Stored items:
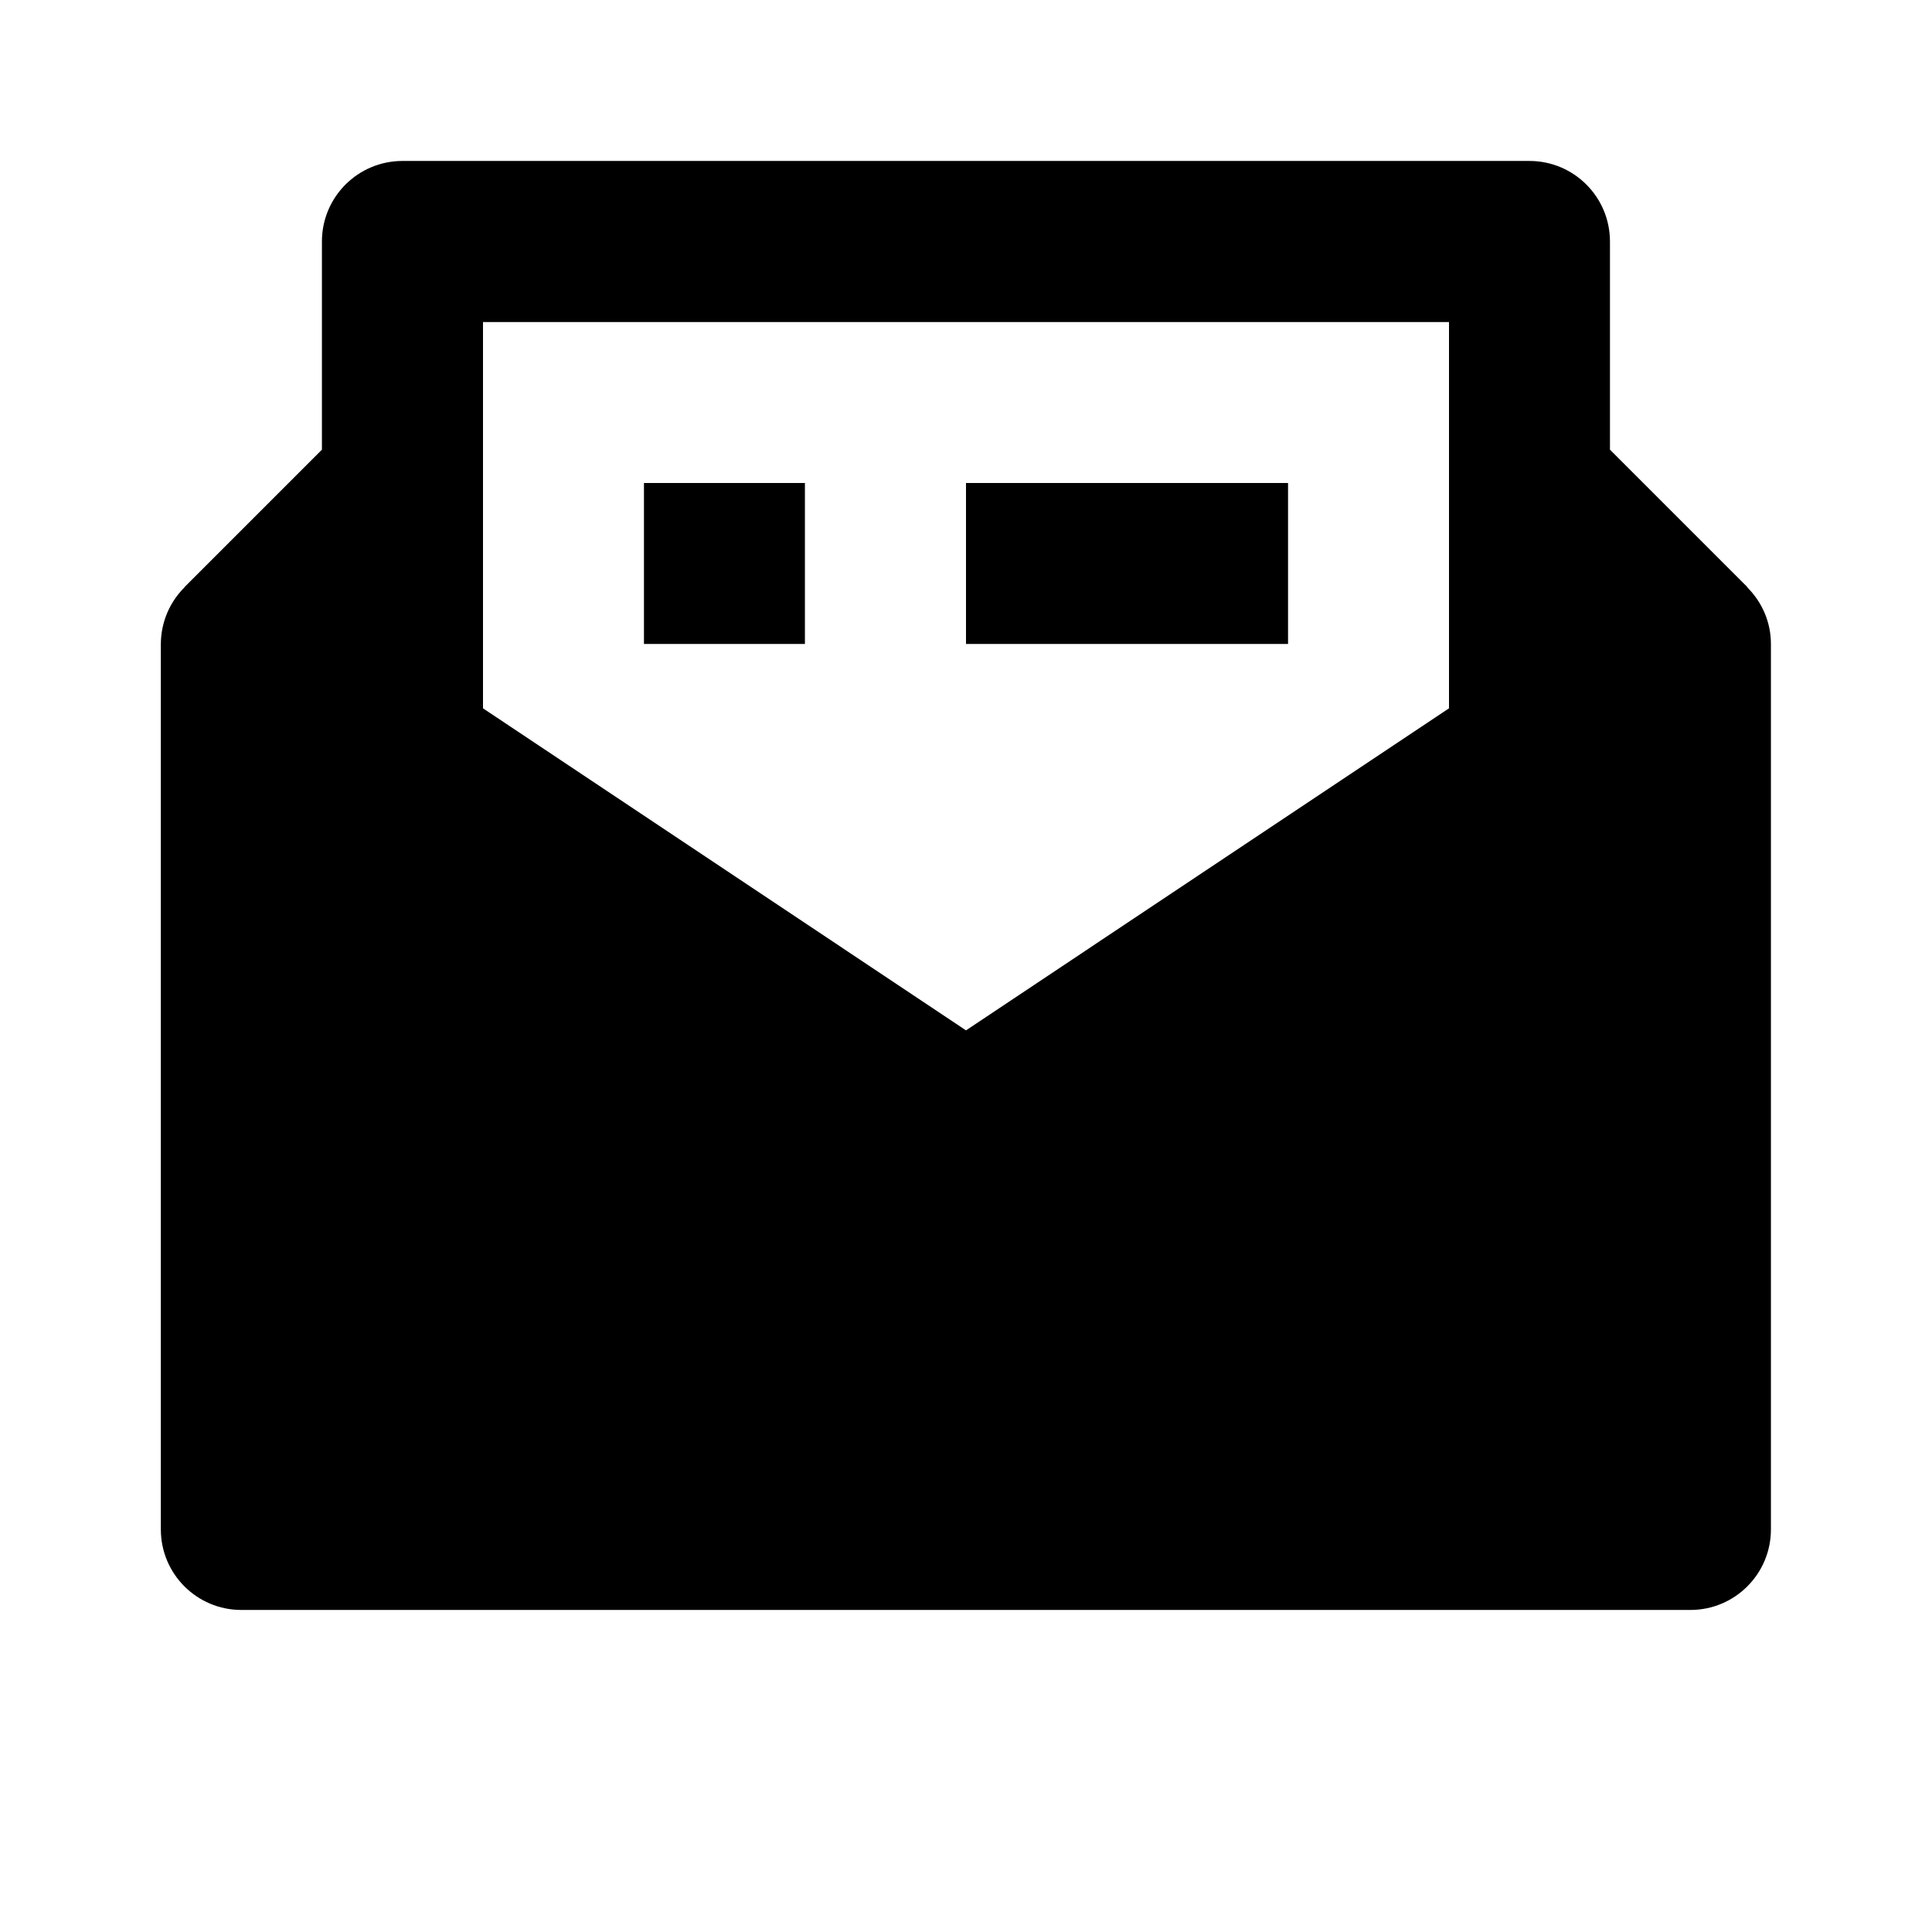 <!-- Generated by IcoMoon.io -->
<svg version="1.1" xmlns="http://www.w3.org/2000/svg" width="16" height="16" viewBox="0 0 16 16">
<title>bxs-newsletter</title>
<path d="M14.47 4.863l0.001-0.001-1.138-1.138v-1.724c0-0.368-0.298-0.667-0.667-0.667v0h-9.333c-0.368 0-0.667 0.298-0.667 0.667v0 1.724l-1.138 1.138 0.001 0.001c-0.121 0.12-0.196 0.286-0.197 0.47v7.333c0 0.368 0.298 0.667 0.667 0.667v0h12c0.368 0 0.667-0.298 0.667-0.667v0-7.333c0-0.18-0.073-0.347-0.197-0.47zM12 2.667v3.199l-4 2.667-4-2.667v-3.199h8z"></path>
<path d="M8 4h2.667v1.333h-2.667zM5.333 4h1.333v1.333h-1.333z"></path>
</svg>

**TASK ITEM:** Write every entry out again exactly, dropping the pictures.

**RESULT OF THIS EXERCISE:**
 <!-- Generated by IcoMoon.io -->
<svg version="1.1" xmlns="http://www.w3.org/2000/svg" width="16" height="16" viewBox="0 0 16 16">
<title>bxs-newsletter</title>
<path d="M14.47 4.863l0.001-0.001-1.138-1.138v-1.724c0-0.368-0.298-0.667-0.667-0.667v0h-9.333c-0.368 0-0.667 0.298-0.667 0.667v0 1.724l-1.138 1.138 0.001 0.001c-0.121 0.12-0.196 0.286-0.197 0.47v7.333c0 0.368 0.298 0.667 0.667 0.667v0h12c0.368 0 0.667-0.298 0.667-0.667v0-7.333c0-0.18-0.073-0.347-0.197-0.47zM12 2.667v3.199l-4 2.667-4-2.667v-3.199h8z"></path>
<path d="M8 4h2.667v1.333h-2.667zM5.333 4h1.333v1.333h-1.333z"></path>
</svg>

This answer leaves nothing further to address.